Fluorescent antibody tests are performed using either a direct fluorescent antibody (DFA) or and indirect fluorescent antibody (IFA) technique (Figure 9-9). In the DFA technique, FITC is conjugated directly to the specific antibody. In the IFA technique, the antigen-specific antibody is unlabeled, and a second antibody (usually raised against the animal species from which the antigen-specific antibody was harvested) is conjugated to the FITC. The IFA is a two-step, or sandwich, technique. The IFA technique is more sensitive than the DFA method, although the DFA method is faster because it involves a single incubation.
Enzyme Immunoassays
Solid-Phase Immunoassay
Most ELISA systems developed to detect infectious agents consist of antibody firmly fixed to a solid matrix, either the inside of the wells of a microdilution tray or the outside of a spherical plastic or metal bead or some other solid matrix (Figure 9-10). Such systems are called solid-phase immunosorbent assays (SPIA). If antigen is present in the specimen, stable antigen-antibody complexes form when the sample is added to the matrix.

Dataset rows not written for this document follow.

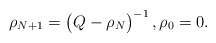
\begin{align*} \rho_{N+1} = \bigl( Q - \rho_N \bigr)^{-1} \,, \rho_0=0.\end{align*}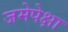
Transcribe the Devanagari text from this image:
जमेपेक्षा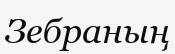
Зебраның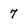
Character: 7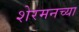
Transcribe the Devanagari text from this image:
शेरमनच्या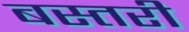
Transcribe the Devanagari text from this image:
बस्तरी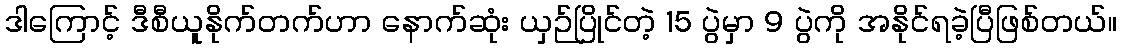
ဒါကြောင့် ဒီစီယူနိုက်တက်ဟာ နောက်ဆုံး ယှဉ်ပြိုင်တဲ့ 15 ပွဲမှာ 9 ပွဲကို အနိုင်ရခဲ့ပြီဖြစ်တယ်။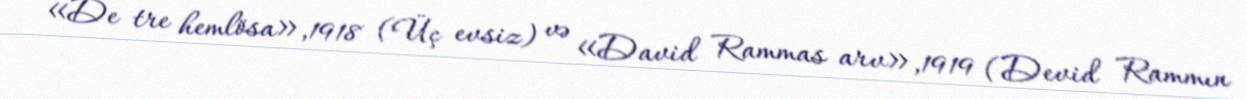
«De tre hemlösa»,1918 (Üç evsiz) və «David Rammas arv»,1919 (Devid Rammın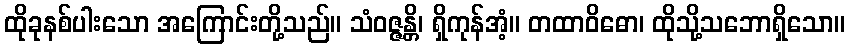
ထိုခုနစ်ပါးသော အကြောင်းတို့သည်။ သံဝဇ္ဇန္တိ၊ ရှိကုန်အံ့။ တထာဝိဓော၊ ထိုသို့သဘောရှိသော။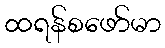
ထရန်စဖော်မာ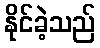
နိုင်ခဲ့သည်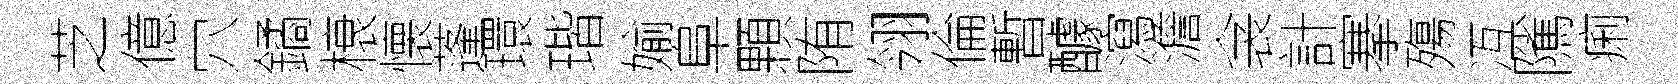
芝億穴鐍榱懐蓬環瑎媮阜顆陏翎倫暫醵瀉澹衾計搴殤冱隲痢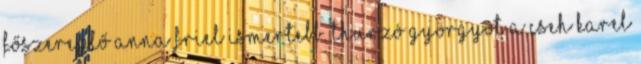
főszereplő Anna Friel ismertebb. Thurzó Györgyöt a cseh Karel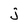
Character: j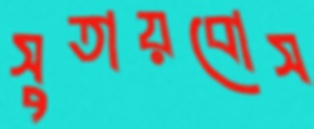
সুতায়বোস

Unbound antigen is thoroughly removed by washing, and a second antibody against the antigen is then added to the system. This antibody has been complexed to an enzyme such as alkaline phosphatase or horseradish peroxidase. If the antigen is present on the solid matrix, it binds the second antibody, forming a sandwich with antigen in the middle. After washing has removed unbound, labeled antibody, the addition and hydrolysis of the enzyme substrate causes the color change and completes the reaction. The visually detectable end point appears wherever the enzyme is present (Figure 9-11). Because of the expanding nature of the reaction, even minute amounts of antigen (greater than 1 ng/mL) can be detected. These systems require a specific enzyme-labeled antibody for each antigen tested. However, it is simpler to use an indirect assay in which a second, unlabeled antibody is used to bind to the antigen-antibody complex on the matrix. A third antibody, labeled with enzyme and directed against the nonvariable Fc portion of the unlabeled second antibody, can then be used as the detection marker for many different antigen-antibody complexes (Figure 9-12). ELISA systems are important diagnostic tools for hepatitis Bs (surface) and hepatitis Be (early) antigens and HIV p24 protein, all indicators of early, active, acute infection.
Membrane-Bound SPIA
The flow-through and large surface area characteristics of nitrocellulose, nylon, and other membranes have been exploited to enhance the speed and sensitivity of ELISA reactions. An absorbent material below the membrane pulls the liquid reactants through the membrane and helps to separate nonreacted components from the antigen-antibody complexes bound to the membrane; washing steps are also simplified. Membrane-bound SPIA systems are available for several viruses (Figure 9-13), group A beta-hemolytic streptococci antigen directly from throat swabs, and group B streptococcal antigen in vaginal secretions. In addition to their use in clinical laboratories, these assays are expected to become more prevalent for home testing systems.